In conducting this evaluation, a court determines — to the extent
permitted by the evidence — whether the patient’s refusal is “bona
fide and legitimate” and, if so, whether the patient’s prognosis
without treatment is “so unfavorable that [his] personal preference
must yield to the legitimate interests of the [S]tate in preserving the
life and health of the patient placed in its charge and in protecting
the safety of those in the institution.” Id.
¶ 13 Feyintola agrees the district court acknowledged that his
reasons for refusing medication — avoiding adverse side effects —
“might be bona fide.” See Uwayezuk, ¶ 62 (a desire to avoid adverse
effects can constitute a bona fide and legitimate reason to refuse
medication). However, he does not present any specific argument
regarding the court’s balancing of his interests against the State’s.
Instead, he merely asserts — in conclusory fashion — that the court
5 “erred in finding that his interests were outweighed by those of the
State.”
¶ 14 Reviewing the record as a whole and in the light most
favorable to the People, we conclude that sufficient evidence
supports the conclusion that Feyintola’s need for treatment
outweighs his interest in refusing it. The psychiatrist’s testimony
establishes that (1) the risk of adverse side effects from the
requested medications is treatable; (2) “objectively, [Feyintola]
tolerate[s] the medications well”; (3) without treatment, Feyintola
will continue to suffer from the symptoms of his mental illness, and
will be at increased risk of danger to himself and others; and
(4) Feyintola’s need for the requested medications outweighs his
interest in refusing them. We conclude that this evidence clearly
and convincingly supports the court’s determination that
Feyintola’s interest in refusing medication must yield to the State’s
interests in preserving his health and protecting his safety and the
safety of those in the hospital. See Medina, 705 P.2d at 974.
¶ 15 We note that the hearing transcript is incomplete, presumably
because the device recording the proceedings stopped doing so
before the hearing concluded. Feyintola does not assert that the
6 missing portion of the hearing contains evidence requiring reversal.

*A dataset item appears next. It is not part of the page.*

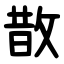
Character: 㪚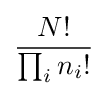
{\frac {N!}{\prod _{i}n_{i}!}}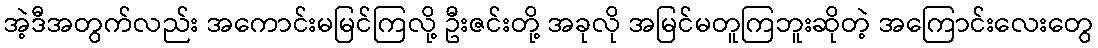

Nor has he sought to settle the record. See C.A.R. 10(g)(1) (“If any
difference arises as to whether the record truly discloses what
occurred in the trial court or a portion of the record is not in the
possession of the trial court, the difference must be submitted to
and settled by the trial court. The party moving to settle the record
must file a motion to stay the appellate court proceedings in the
appellate court while the trial court considers the motion to settle
the record.”). “Where the record is silent the law presumes
regularity.” People in Interest of I.S., 2017 COA 155, ¶ 11 (quoting
McClain v. People, 141 P.2d 685, 686 (Colo. 1943)); LePage v.
People, 2014 CO 13, ¶ 15 (“According to the presumption of
regularity, appellate courts presume that the trial judge did not
commit error absent affirmative evidence otherwise.”). Thus, absent
evidence to the contrary, we presume that the missing portion of
the transcript would show that district court did not err.
III. Disposition
¶ 16 The order authorizing the involuntary administration of
medication is affirmed.
JUDGE J. JONES and JUDGE KUHN concur.